The health and wellbeing of the mules was paramount and during training mule stewardship was given a high priority. There were qualified Veterinary Officers available, but usually the Animal Transport Officers and the mule handlers (muleteers) took care of the health of an animal. Wingate set high standards for these officers, often carrying out inspections at short notice and correcting any mistakes or mishandling.
Mules were fed on fodder dropped for them during column air supply drops. When this ran out and supply drops proved unrealistic, they were fed on fresh bamboo shoots from the
surrounding jungle. After a time in Burma the animals began to suffer from leg galls, bloated stomachs (due to the lack of suitable fodder) and eventually anthrax. Most of these animals had to be destroyed. It is also well documented that when rations became scarce for the men, mules were sometimes eaten to supplement their diet,
the ultimate sacrifice for these unfortunate animals.

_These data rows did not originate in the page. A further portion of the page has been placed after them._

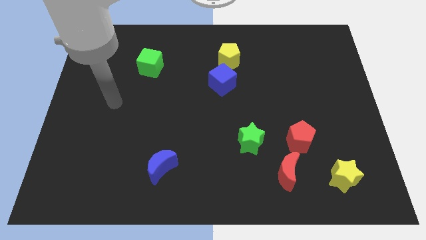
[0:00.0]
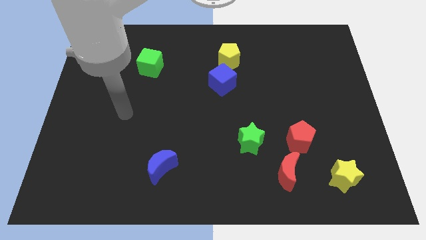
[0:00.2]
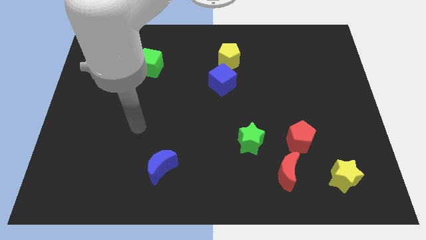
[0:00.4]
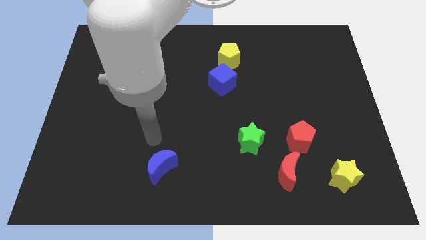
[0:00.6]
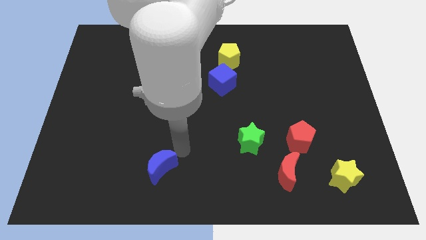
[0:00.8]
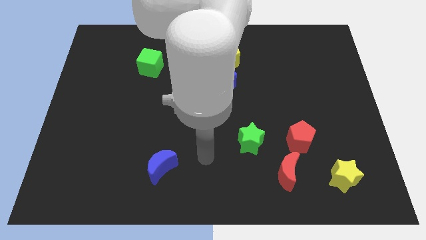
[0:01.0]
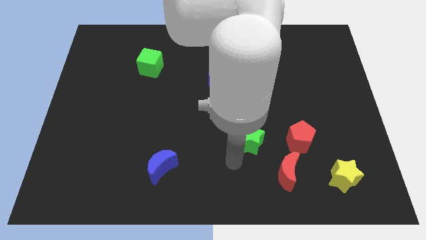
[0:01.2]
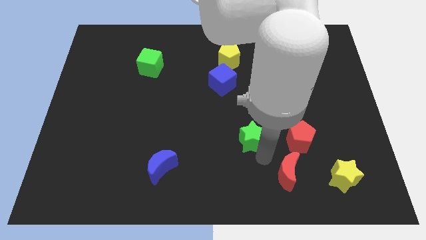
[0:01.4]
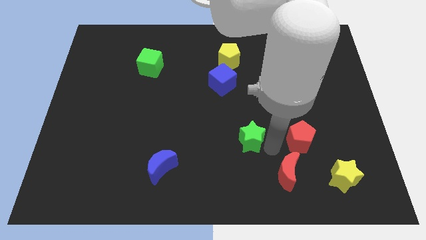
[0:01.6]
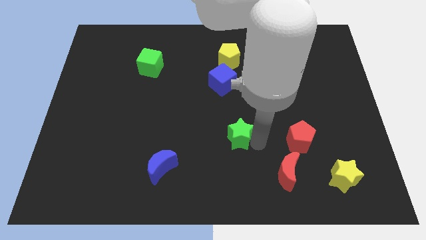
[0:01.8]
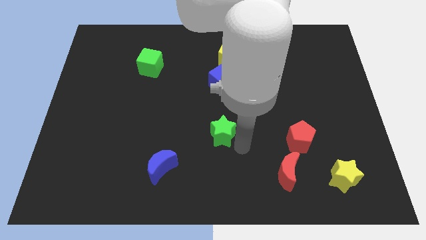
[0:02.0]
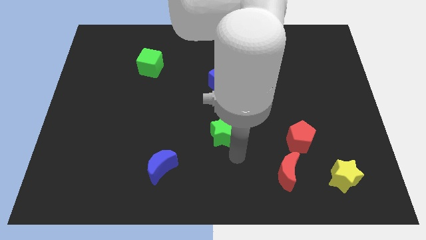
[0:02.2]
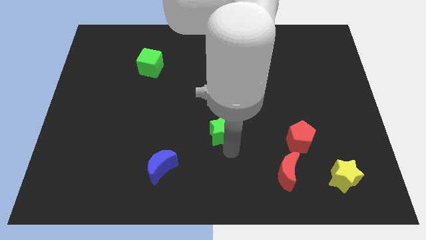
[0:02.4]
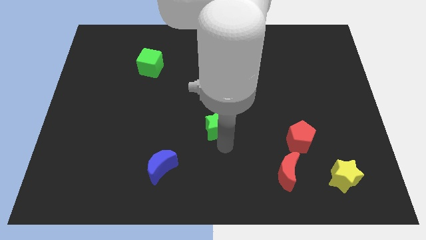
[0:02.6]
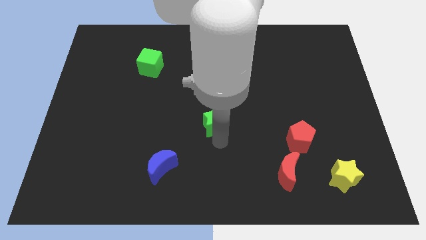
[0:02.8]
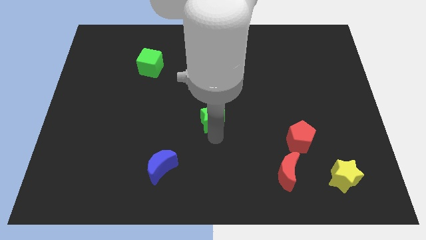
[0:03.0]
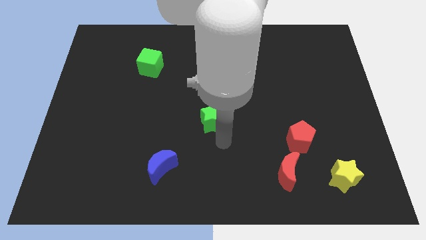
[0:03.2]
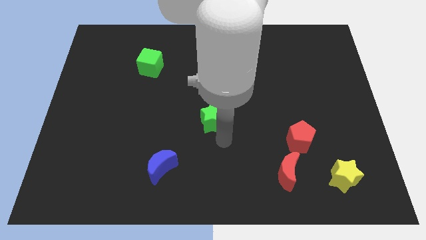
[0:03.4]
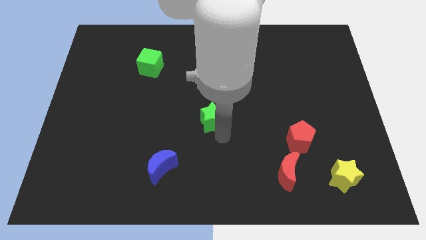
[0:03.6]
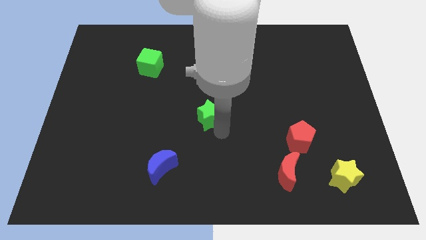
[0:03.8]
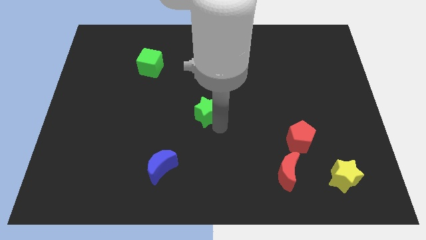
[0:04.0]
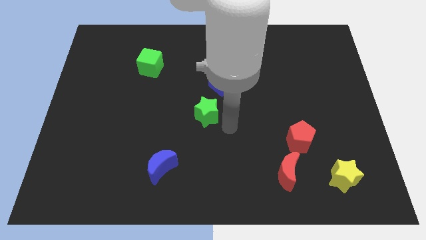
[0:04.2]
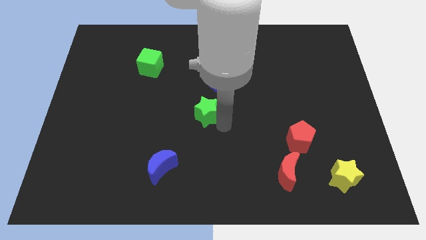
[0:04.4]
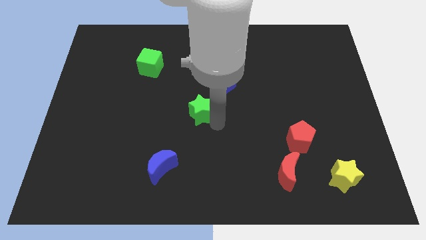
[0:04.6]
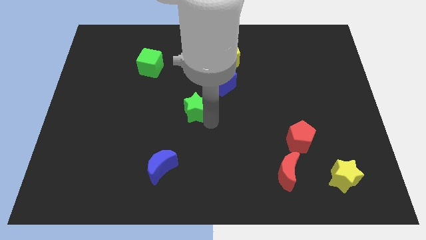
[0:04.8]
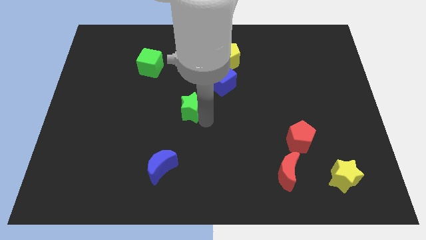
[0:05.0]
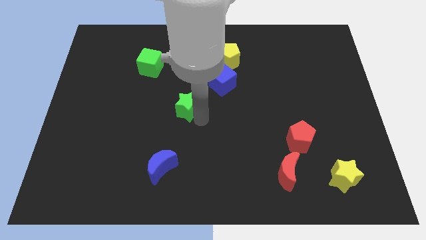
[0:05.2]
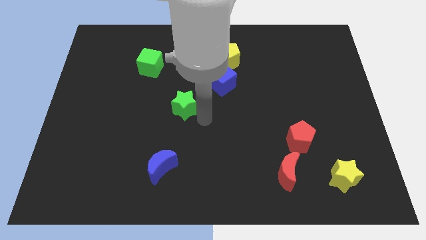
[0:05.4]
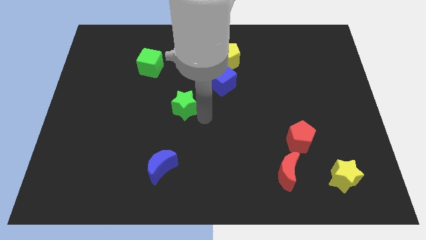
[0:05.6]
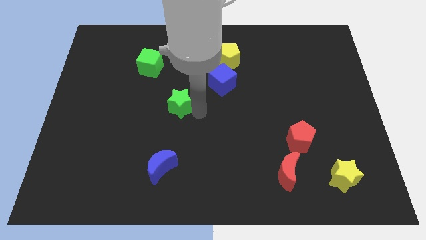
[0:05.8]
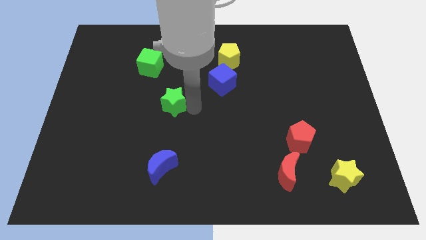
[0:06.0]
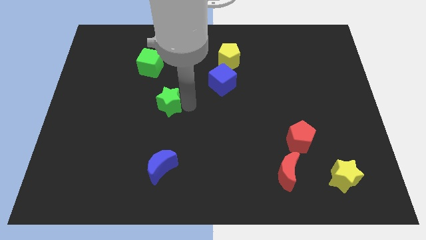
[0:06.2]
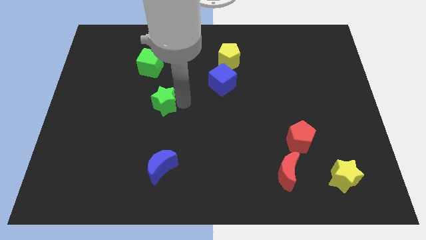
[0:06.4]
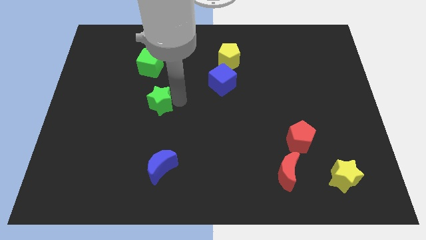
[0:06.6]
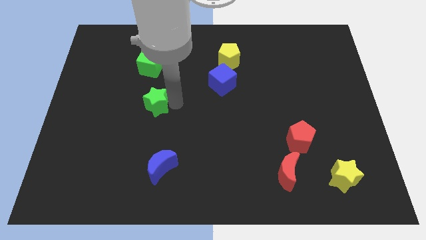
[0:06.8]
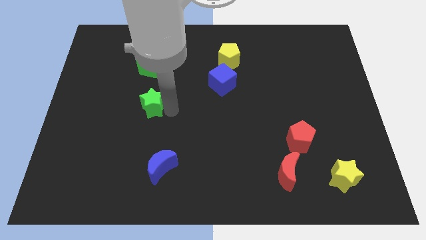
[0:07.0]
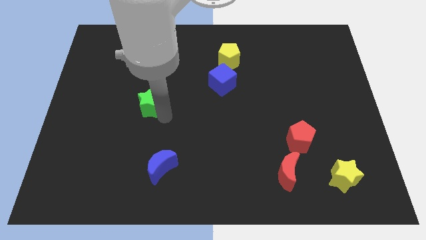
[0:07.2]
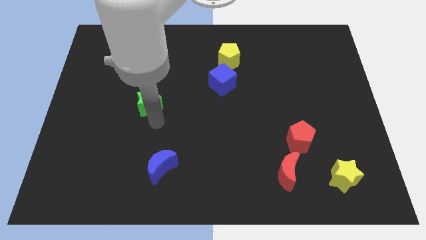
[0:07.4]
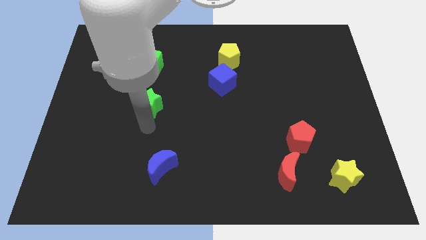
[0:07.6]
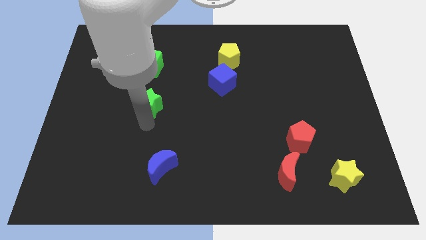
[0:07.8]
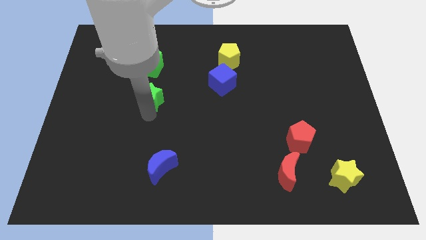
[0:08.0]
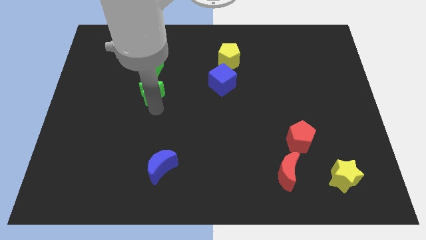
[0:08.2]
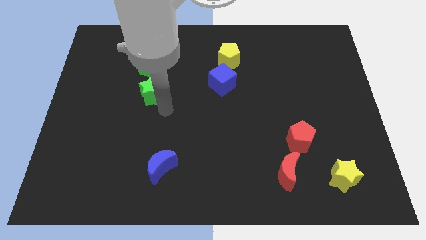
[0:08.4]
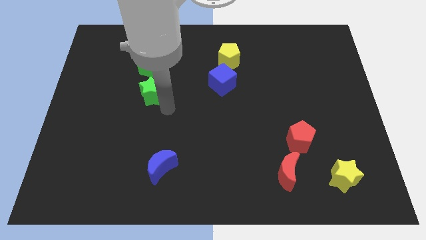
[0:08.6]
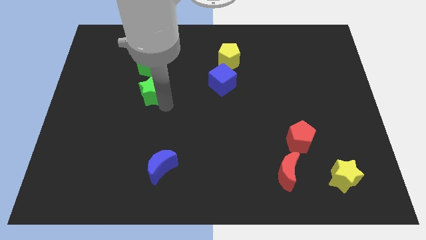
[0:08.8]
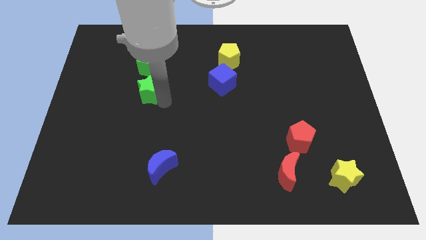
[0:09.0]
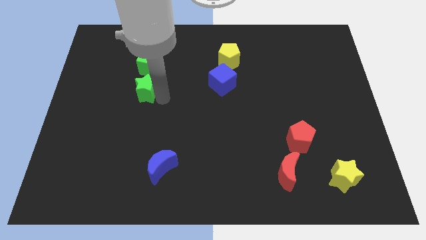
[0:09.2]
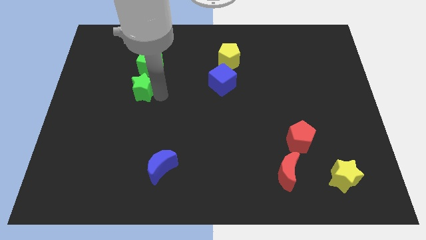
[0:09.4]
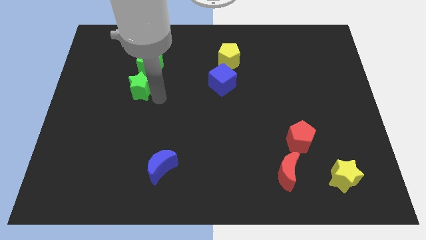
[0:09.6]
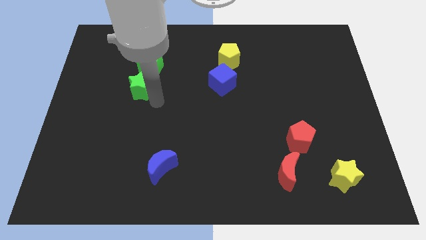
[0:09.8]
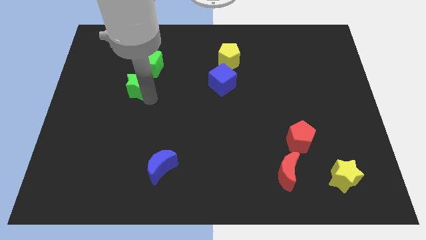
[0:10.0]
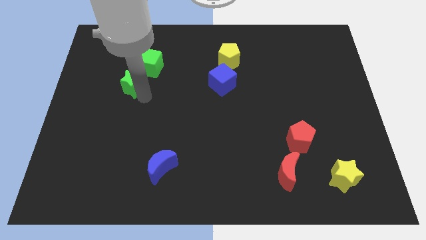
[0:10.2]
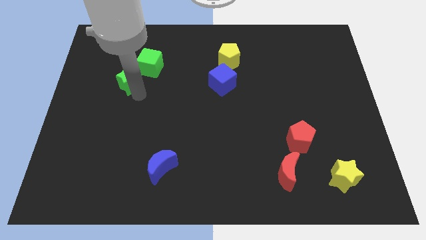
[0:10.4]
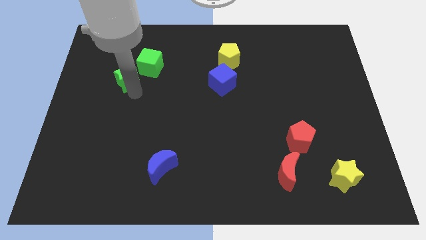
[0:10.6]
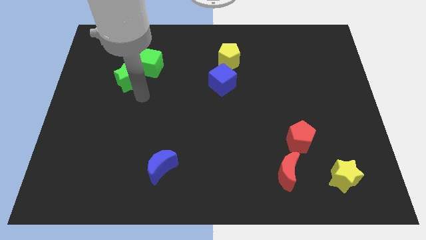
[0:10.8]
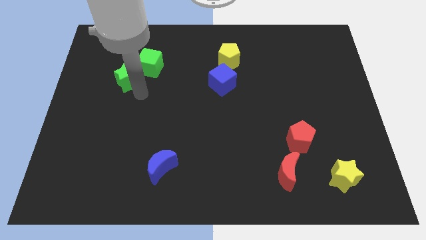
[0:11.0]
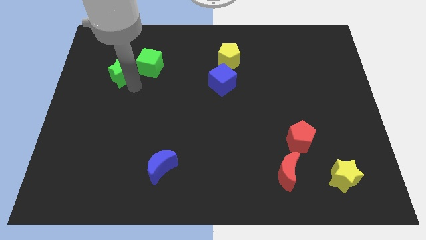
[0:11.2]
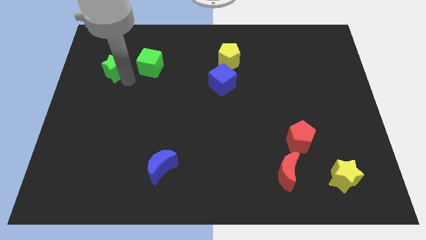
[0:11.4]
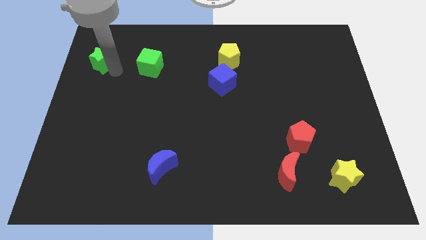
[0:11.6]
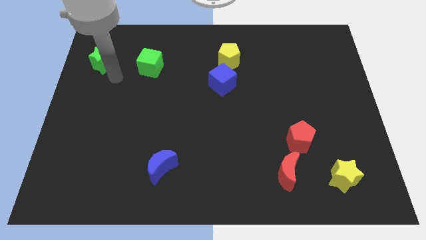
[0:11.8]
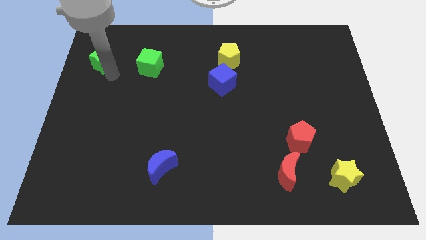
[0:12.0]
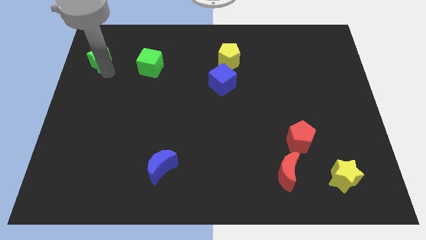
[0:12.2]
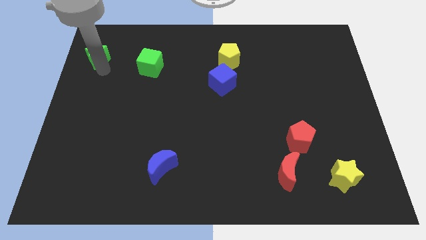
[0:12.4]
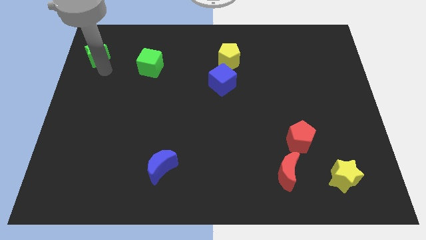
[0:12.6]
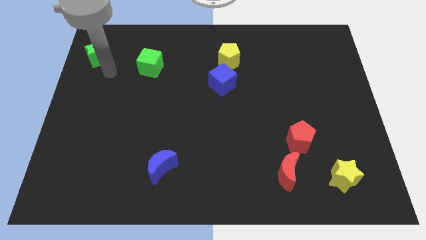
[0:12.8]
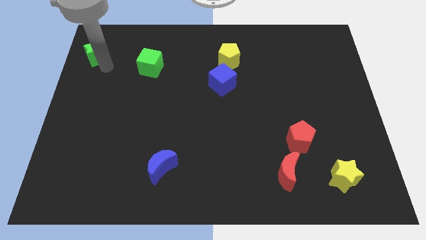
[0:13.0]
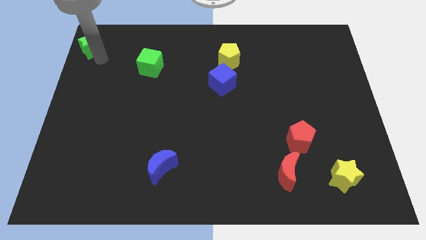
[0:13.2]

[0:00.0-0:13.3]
push the green star to the upper left corner

At various times up to 130 Elephants were employed by 77 Brigade in the movement of heavy supplies up until the Chindwin River, with each tusker able to carry 800 pounds in weight.

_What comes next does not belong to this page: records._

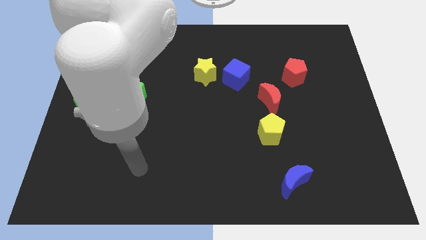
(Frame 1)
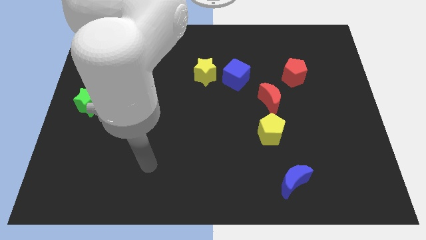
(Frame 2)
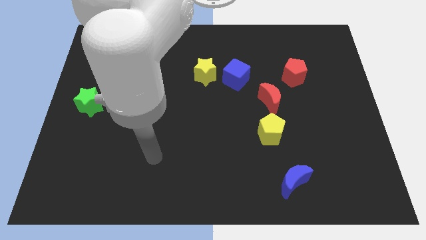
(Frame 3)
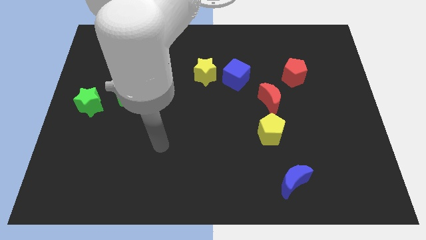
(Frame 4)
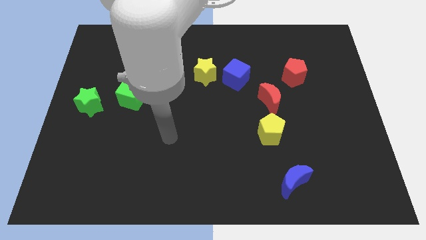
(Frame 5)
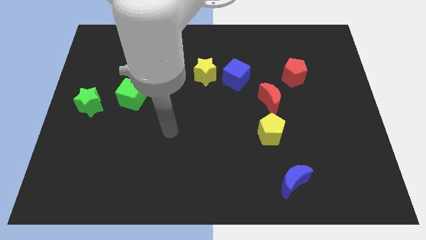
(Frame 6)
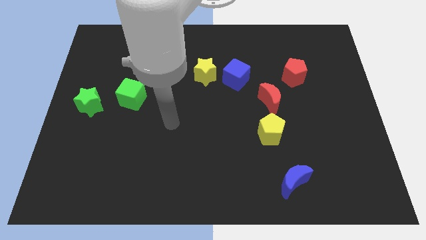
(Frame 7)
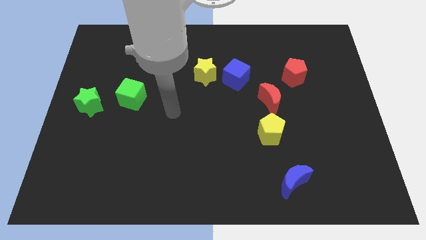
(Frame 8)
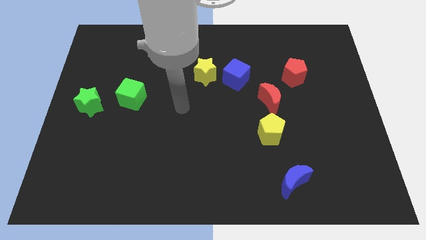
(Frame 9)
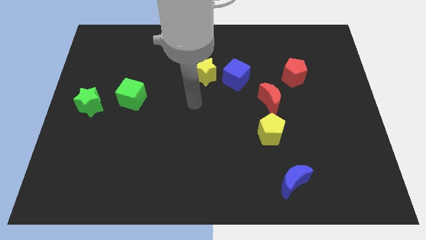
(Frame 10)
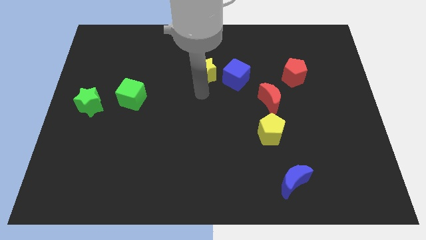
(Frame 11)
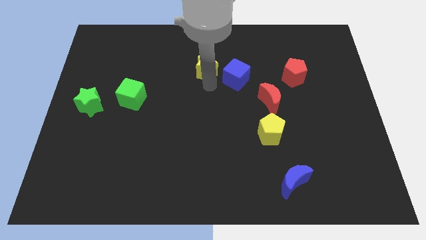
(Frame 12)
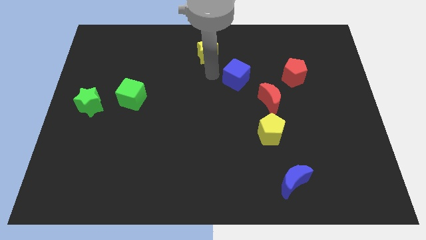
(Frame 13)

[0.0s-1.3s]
pull the blue cube apart from the yellow star

The horses and ponies eventually
were used for carrying casualties in Burma. The
Animal Transport Officer (ATO) and his Sergeant were usually mounted, and they were the only individuals who had horses as of right. Horses were also useful for intercommunication between columns. Some extremely gallant actions were performed by mounted men on different occasions. In February 1943, a young officer from the Burma Rifles
by the name of Toye, rode forty miles through hostile country from Tonmakeng to Myene to bring Wingate news of Japanese movements.